I mean that the paper might be worth publishing only if it adds clarity to this basic topic. Henceforth, the authors (besidesbeing much more careful with a somehow sloppy English...) have to make an extra effort to:
- discuss in all details how this approach relates to the standard covariant derivative in the presence of spin, because, after all, their Pi_i is a standard derivative, and their p_i is a covariant derivative, henceforth...
- ... they have to show what is the link between their 'gauge field' and the standard spin connection that appears when dealing with fields with spin.
- Furthermore, it is well known in classical field theory, that it is precisely the procedure of imposing constraints that leads to the very same idea of gauge fields. Now, perhaps the authors, or some of them, have already discussed that in some of their previous papers, reported in the Reference.

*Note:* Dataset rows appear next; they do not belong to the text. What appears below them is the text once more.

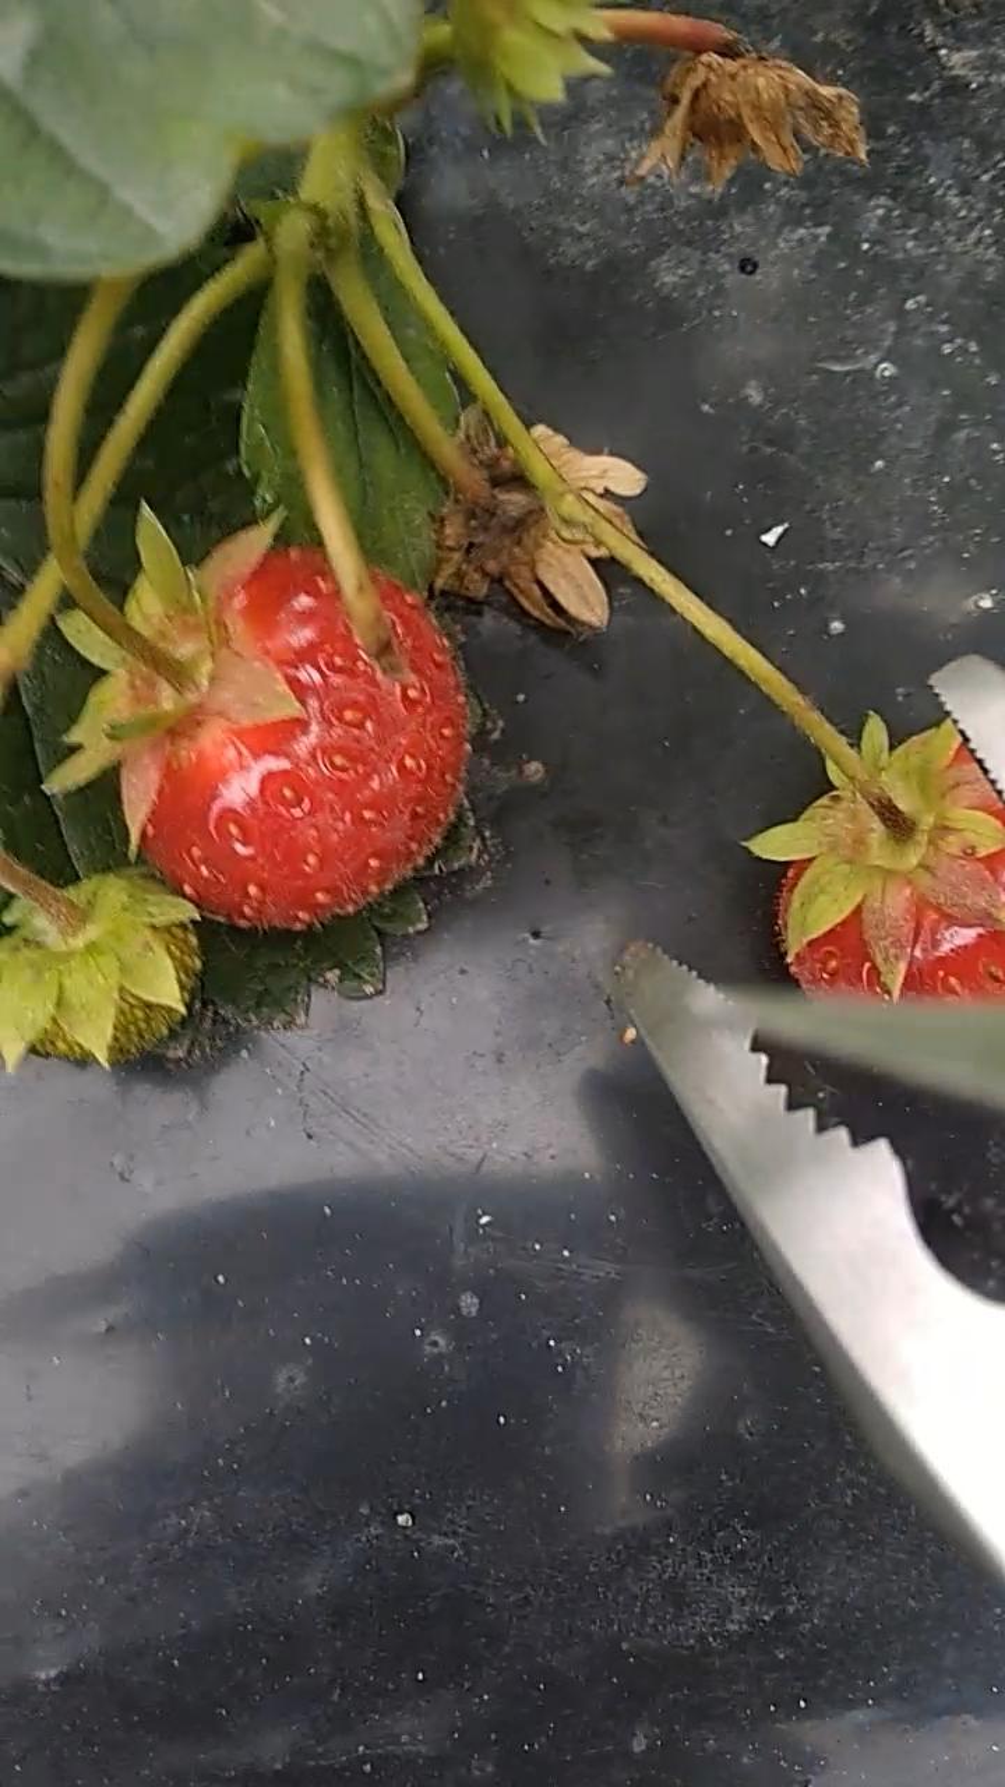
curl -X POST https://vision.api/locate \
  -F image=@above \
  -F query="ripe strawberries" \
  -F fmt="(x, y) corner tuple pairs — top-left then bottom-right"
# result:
(119, 547), (489, 930)
(784, 744), (1005, 995)
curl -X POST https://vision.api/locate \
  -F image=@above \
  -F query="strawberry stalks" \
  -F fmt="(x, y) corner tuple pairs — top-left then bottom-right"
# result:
(38, 306), (223, 755)
(676, 526), (962, 836)

Nonetheless, for completeness of the discussion, to comply with the style and scope of Annals of Physics (that is not a letter journal), and since they claim to be amending text books (like their refs [33] and [34]), a substantial and detailed discussion of this and other general points, is sorely missing...
- ... indeed, they should also fully clarify that the procedure here is made of two separate steps, one for spinless and one for 'spinfull' quantities, and that the literature is, perhaps, not so careful in presenting the issue, but surely this is not entirely missed by those authors.
Overall, at the classical level one indeed has the spin connection already, and that is the classical gauge field that takes care of the spin. One then needs to be careful in defining the proper momenta to be quantized, and this paper comes in hand, also because it is linking that to the quantization in a constrained system, and these days (see, eg., graphene physics) it is nice to have control of that. On the other hand, especially on matters that are well established and discussed in text-books, one needs to be crystal clear, refer to all known results, and explain every single step and the context very clearly. The latter is missing in the present version.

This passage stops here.